看到陈嬷嬷带人搜身,裴若雪眉宇间闪过一抹慌张。
人群中排队等待搜身翠菊已抖如糠筛,额头冒起一层细密薄汗。
半盏茶后,陈嬷嬷恭敬来到众人面前,身后还跟着一位被小厮押着丫鬟,小厮一个推搡,丫鬟直接摔在裴夫人和裴丞相面前。
“老爷,夫人,这是从翠菊身上搜到的东西,经过府医查验,确与谦王发现药为同一种。”
翠菊见事情败露,跪爬着来到裴夫人面前,手指紧紧抓住裴夫人衣角,“夫人明察,不是奴婢。”
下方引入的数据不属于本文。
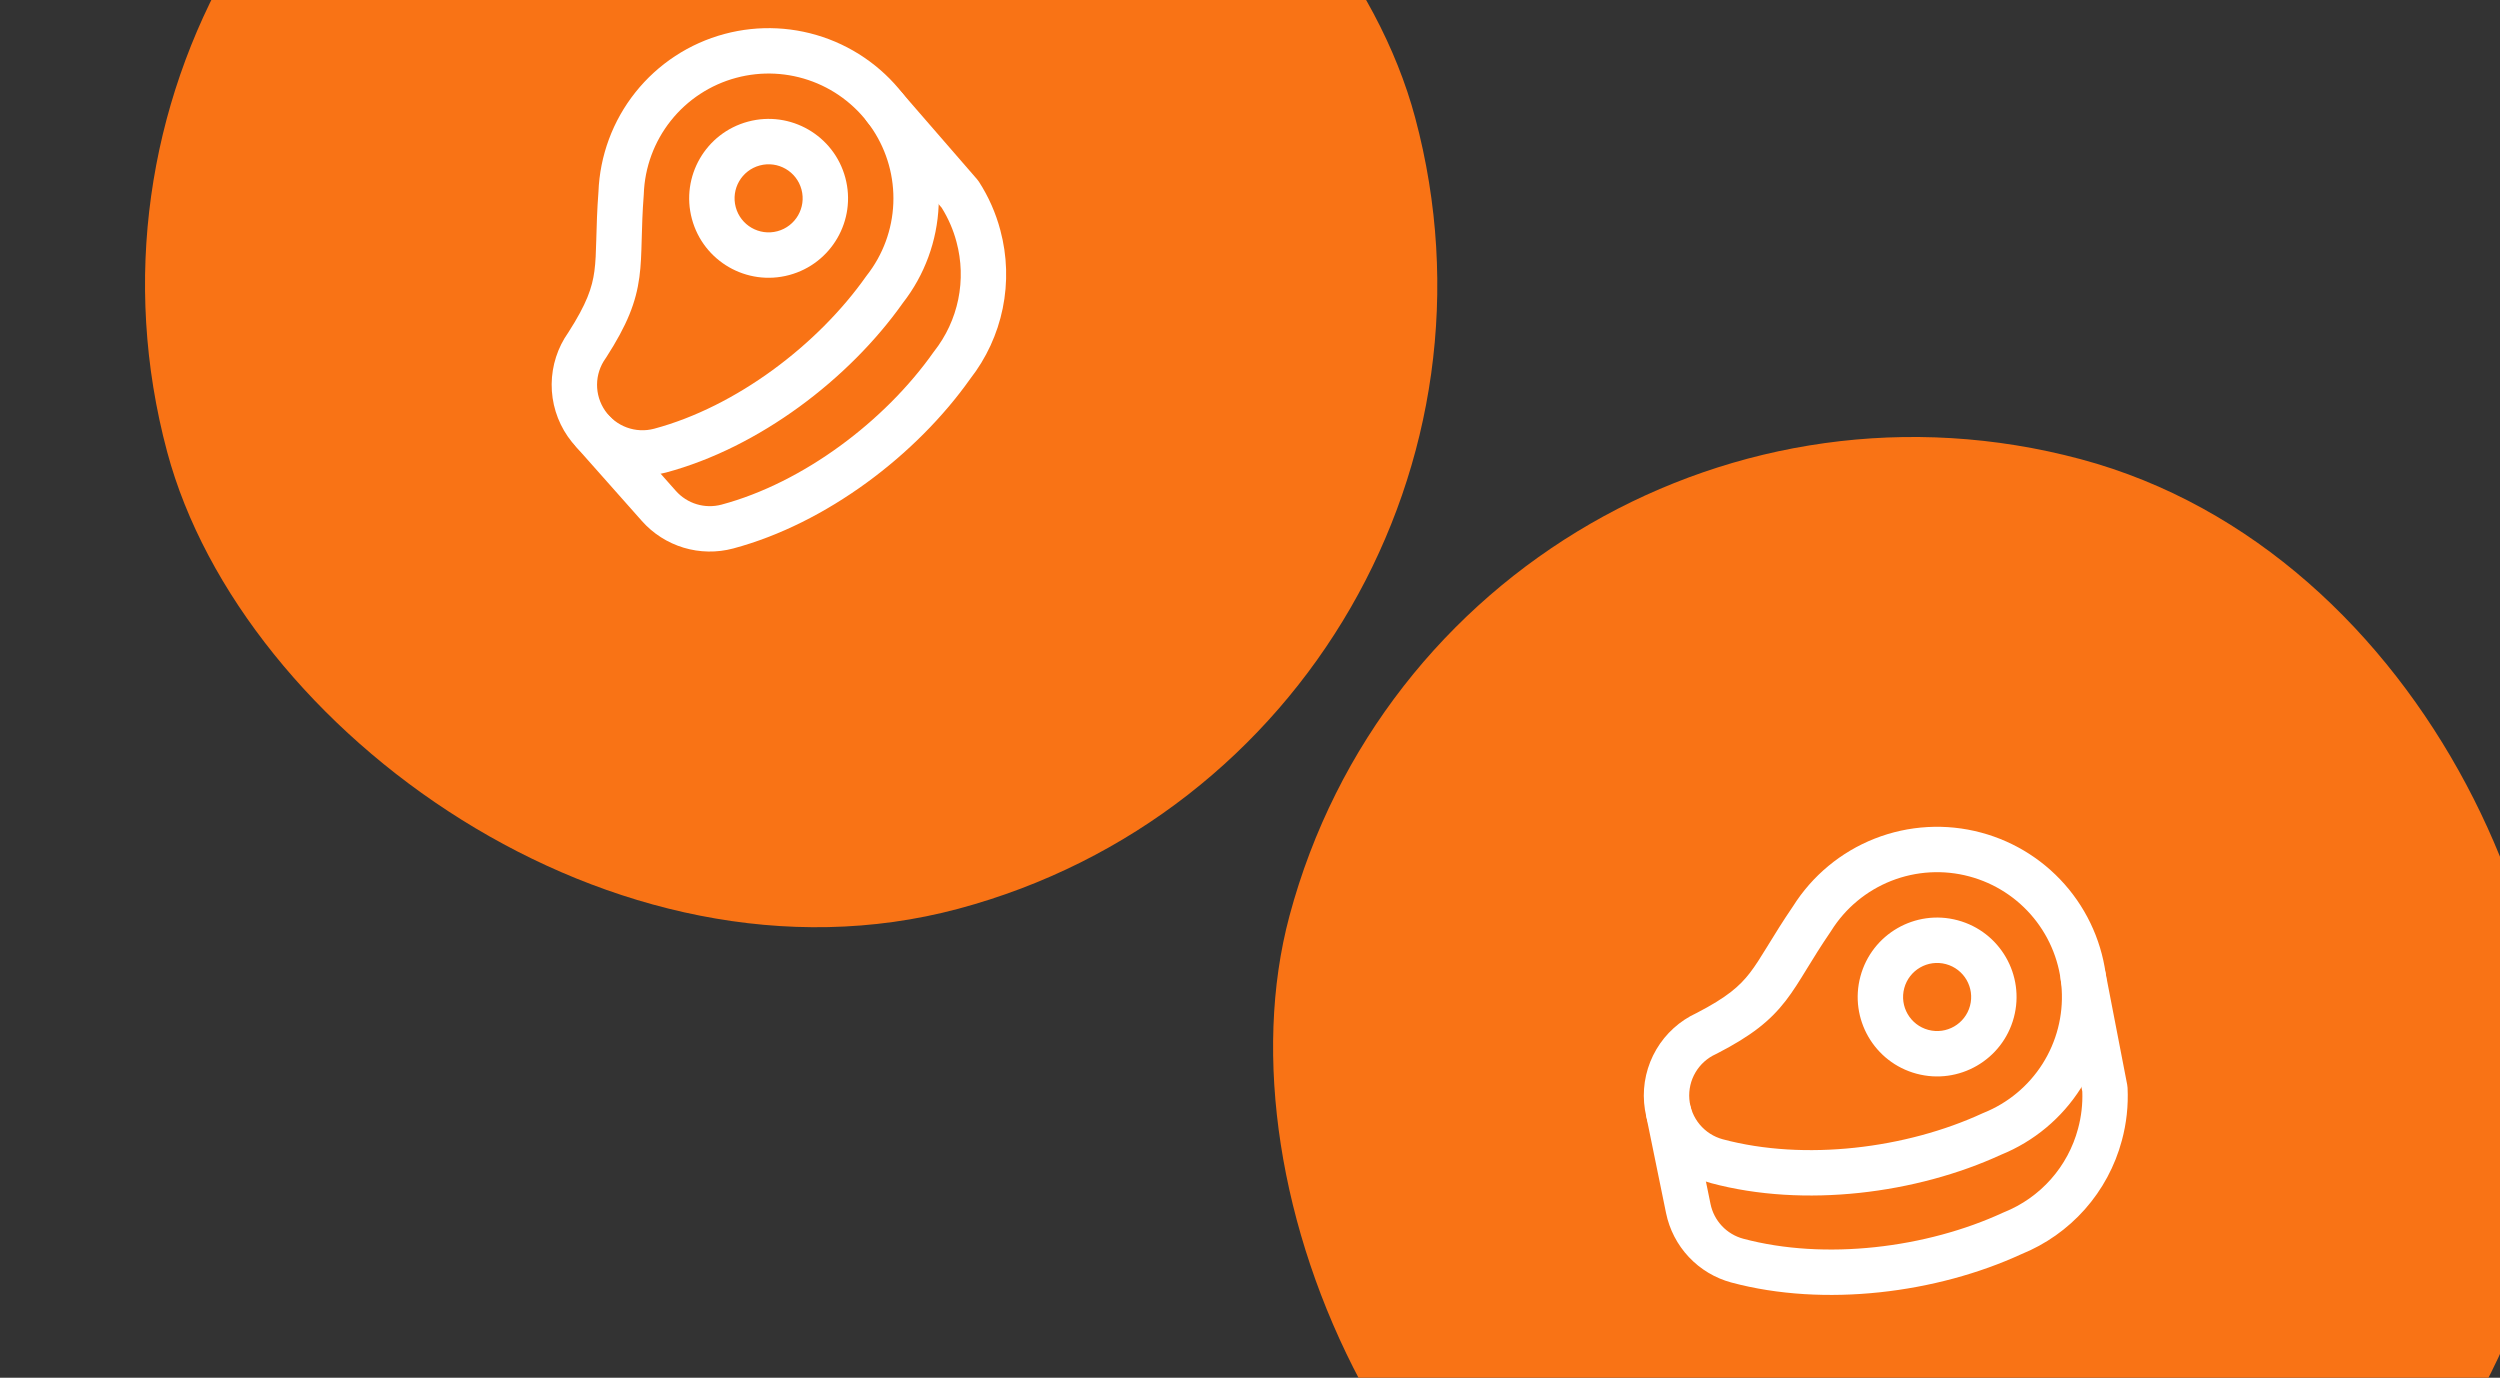 <?xml version="1.0" encoding="UTF-8"?> <svg xmlns="http://www.w3.org/2000/svg" width="548" height="302" viewBox="0 0 548 302" fill="none"><rect x="0" y="0" width="548" height="302" fill="#333333" stroke="none"/><rect y="-37.702" width="283.2" height="283.2" rx="141.6" transform="rotate(-15 0 -37.702)" fill="#F97315"></rect><g clip-path="url(#clip0_36_829)"><path fill-rule="evenodd" clip-rule="evenodd" d="M166.549 36.268C162.568 37.334 160.206 41.426 161.273 45.406C162.339 49.387 166.431 51.749 170.411 50.682C174.391 49.616 176.754 45.524 175.687 41.544C174.62 37.563 170.529 35.201 166.549 36.268ZM151.663 47.981C149.174 38.693 154.686 29.147 163.974 26.658C173.261 24.169 182.808 29.681 185.297 38.969C187.785 48.257 182.274 57.803 172.986 60.292C163.698 62.781 154.151 57.269 151.663 47.981Z" fill="white"></path><path fill-rule="evenodd" clip-rule="evenodd" d="M158.827 7.441C166.39 5.415 174.398 5.82 181.718 8.598C189.038 11.377 195.299 16.388 199.614 22.922C203.928 29.457 206.077 37.183 205.756 45.007C205.437 52.787 202.692 60.271 197.907 66.412C186.12 83.071 166.403 98.108 145.962 103.585L145.959 103.586C141.996 104.645 137.803 104.453 133.954 103.038C130.104 101.622 126.786 99.051 124.454 95.677C122.122 92.303 120.889 88.291 120.925 84.189C120.961 80.134 122.235 76.187 124.575 72.876C128.631 66.553 129.807 63.049 130.293 59.432C130.559 57.451 130.631 55.339 130.708 52.463C130.712 52.326 130.716 52.187 130.719 52.047C130.791 49.328 130.878 46.079 131.18 42.078C131.48 34.127 134.314 26.478 139.27 20.251C144.248 13.997 151.102 9.507 158.824 7.442M161.396 17.052C155.733 18.566 150.705 21.859 147.055 26.446C143.404 31.033 141.323 36.672 141.119 42.53C141.117 42.599 141.113 42.667 141.108 42.736C140.818 46.531 140.737 49.597 140.664 52.342C140.66 52.471 140.657 52.6 140.653 52.729C140.579 55.522 140.502 58.164 140.153 60.758C139.411 66.272 137.498 71.175 132.88 78.356C132.834 78.426 132.787 78.496 132.738 78.564C131.543 80.231 130.891 82.226 130.874 84.276C130.856 86.327 131.472 88.333 132.638 90.02C133.804 91.707 135.463 92.993 137.388 93.7C139.313 94.408 141.409 94.504 143.39 93.975C161.345 89.162 179.236 75.623 189.849 60.575C189.898 60.506 189.948 60.438 190.001 60.371C193.546 55.854 195.581 50.336 195.816 44.599C196.051 38.862 194.475 33.196 191.311 28.404C188.148 23.612 183.556 19.937 178.188 17.9C172.819 15.862 166.946 15.566 161.399 17.052L161.396 17.052Z" fill="white"></path><path fill-rule="evenodd" clip-rule="evenodd" d="M190.83 19.981C192.905 18.181 196.047 18.403 197.847 20.478L214.163 39.281C214.318 39.459 214.46 39.648 214.588 39.846C216.698 43.12 218.28 46.705 219.277 50.47C220.779 56.062 220.956 61.928 219.795 67.6C218.643 73.233 216.202 78.523 212.665 83.054C200.878 99.714 181.162 114.75 160.721 120.227L160.715 120.228C157.147 121.179 153.384 121.118 149.849 120.053C146.314 118.987 143.146 116.96 140.698 114.196C140.698 114.196 140.698 114.196 140.698 114.196C140.697 114.195 140.696 114.195 140.696 114.194L126.529 98.218C124.706 96.162 124.895 93.018 126.95 91.195C129.006 89.373 132.15 89.561 133.972 91.617L148.144 107.598C149.368 108.98 150.952 109.994 152.72 110.527C154.487 111.06 156.366 111.09 158.149 110.616C176.104 105.804 193.995 92.265 204.608 77.217C204.658 77.146 204.709 77.077 204.763 77.01C207.387 73.671 209.197 69.766 210.049 65.606C210.9 61.445 210.769 57.144 209.667 53.042C209.665 53.036 209.664 53.03 209.662 53.024C208.96 50.373 207.863 47.844 206.407 45.522L190.333 26.999C188.533 24.924 188.755 21.782 190.83 19.981Z" fill="white"></path></g><rect x="319.298" y="64" width="283.2" height="283.2" rx="141.6" transform="rotate(15 319.298 64)" fill="#F97315"></rect><g clip-path="url(#clip1_36_829)"><path fill-rule="evenodd" clip-rule="evenodd" d="M426.549 211.335C422.568 210.268 418.477 212.63 417.41 216.611C416.344 220.591 418.706 224.683 422.686 225.749C426.667 226.816 430.758 224.453 431.825 220.473C432.891 216.493 430.529 212.401 426.549 211.335ZM407.801 214.036C410.289 204.748 419.836 199.236 429.124 201.725C438.411 204.213 443.923 213.76 441.434 223.048C438.946 232.336 429.399 237.847 420.111 235.359C410.824 232.87 405.312 223.323 407.801 214.036Z" fill="white"></path><path fill-rule="evenodd" clip-rule="evenodd" d="M434.274 182.509C441.837 184.536 448.57 188.891 453.52 194.956C458.47 201.023 461.387 208.493 461.856 216.309C462.325 224.125 460.323 231.891 456.134 238.506C451.967 245.085 445.848 250.194 438.633 253.119C420.096 261.653 395.502 264.817 375.061 259.34L375.058 259.339C371.097 258.274 367.561 256.012 364.935 252.861C362.309 249.711 360.721 245.825 360.389 241.737C360.056 237.649 360.995 233.558 363.076 230.024C365.135 226.529 368.212 223.748 371.893 222.052C378.568 218.604 381.338 216.156 383.568 213.267C384.789 211.685 385.907 209.891 387.412 207.44C387.484 207.322 387.556 207.204 387.629 207.085C389.052 204.766 390.751 201.995 393.013 198.682C397.248 191.946 403.527 186.739 410.933 183.824C418.371 180.897 426.552 180.435 434.272 182.508M431.694 192.117C426.032 190.596 420.032 190.935 414.577 193.082C409.122 195.229 404.501 199.071 401.394 204.043C401.358 204.101 401.32 204.159 401.282 204.215C399.133 207.357 397.53 209.972 396.094 212.312C396.026 212.423 395.959 212.533 395.892 212.642C394.43 215.024 393.043 217.274 391.444 219.346C388.045 223.75 383.936 227.04 376.346 230.949C376.271 230.988 376.196 231.024 376.119 231.059C374.251 231.904 372.689 233.306 371.648 235.073C370.607 236.84 370.138 238.886 370.305 240.93C370.471 242.974 371.265 244.917 372.578 246.492C373.891 248.067 375.659 249.199 377.639 249.731C395.594 254.541 417.858 251.761 434.573 244.035C434.65 244 434.728 243.966 434.807 243.935C440.136 241.796 444.657 238.034 447.729 233.183C450.801 228.332 452.269 222.637 451.925 216.905C451.581 211.174 449.443 205.695 445.812 201.247C442.181 196.798 437.243 193.604 431.697 192.118L431.694 192.117Z" fill="white"></path><path fill-rule="evenodd" clip-rule="evenodd" d="M455.72 209.37C458.418 208.848 461.027 210.611 461.549 213.308L466.278 237.75C466.323 237.982 466.351 238.216 466.363 238.452C466.553 242.342 466.131 246.238 465.112 249.997C463.616 255.591 460.837 260.759 456.995 265.091C453.181 269.393 448.422 272.754 443.093 274.91C424.556 283.444 399.963 286.607 379.523 281.13L379.516 281.128C375.951 280.168 372.723 278.234 370.194 275.543C367.666 272.853 365.935 269.513 365.197 265.896C365.197 265.896 365.197 265.896 365.197 265.895C365.197 265.895 365.197 265.894 365.196 265.893L360.916 244.973C360.365 242.282 362.1 239.654 364.792 239.103C367.483 238.552 370.112 240.287 370.662 242.979L374.944 263.904C375.313 265.713 376.179 267.384 377.443 268.73C378.707 270.074 380.319 271.04 382.1 271.521C400.056 276.331 422.32 273.551 439.035 265.826C439.113 265.79 439.192 265.756 439.272 265.724C443.214 264.145 446.734 261.668 449.552 258.491C452.369 255.313 454.407 251.523 455.503 247.42C455.505 247.414 455.506 247.408 455.508 247.401C456.226 244.755 456.54 242.016 456.44 239.277L451.781 215.198C451.26 212.501 453.023 209.891 455.72 209.37Z" fill="white"></path></g><defs><clipPath id="clip0_36_829"><rect width="119.384" height="119.384" fill="white" transform="translate(97.477 18.729) rotate(-15)"></rect></clipPath><clipPath id="clip1_36_829"><rect width="119.384" height="119.384" fill="white" transform="translate(375.5 161.608) rotate(15)"></rect></clipPath></defs></svg>

裴夫人嫌弃将衣角抽回来,“药是从你身上搜出来的,不是你难道还有旁人,或者是被她人指使,只要你说实话,我可以考虑从轻处置你。”
裴夫人话中意有所指。
翠菊跪回来,眸色慌张看了一眼人群中裴若雪,又看了看站在裴夫人身后裴宴宁。
一股不好预感油然而生。
‘完了,完了,一口锅又要甩到我身上。’
裴宴宁揉了揉酸胀的额头。
只见翠菊冲着裴宴宁方向磕了一个响头,“小姐对不起,不是翠菊不帮你保守秘密,奴婢也想活命。”
“夫人药是三小姐让我下的,三小姐还与奴婢说,只要她与谦王发生关系,就一定能嫁入谦王府。”翠菊垂着眸子不敢去看裴宴宁的眼睛。
闻言,裴丞相和裴夫人互相对视一眼,皆从对方眼中看到震惊,竟然与裴宴宁心声一般无二。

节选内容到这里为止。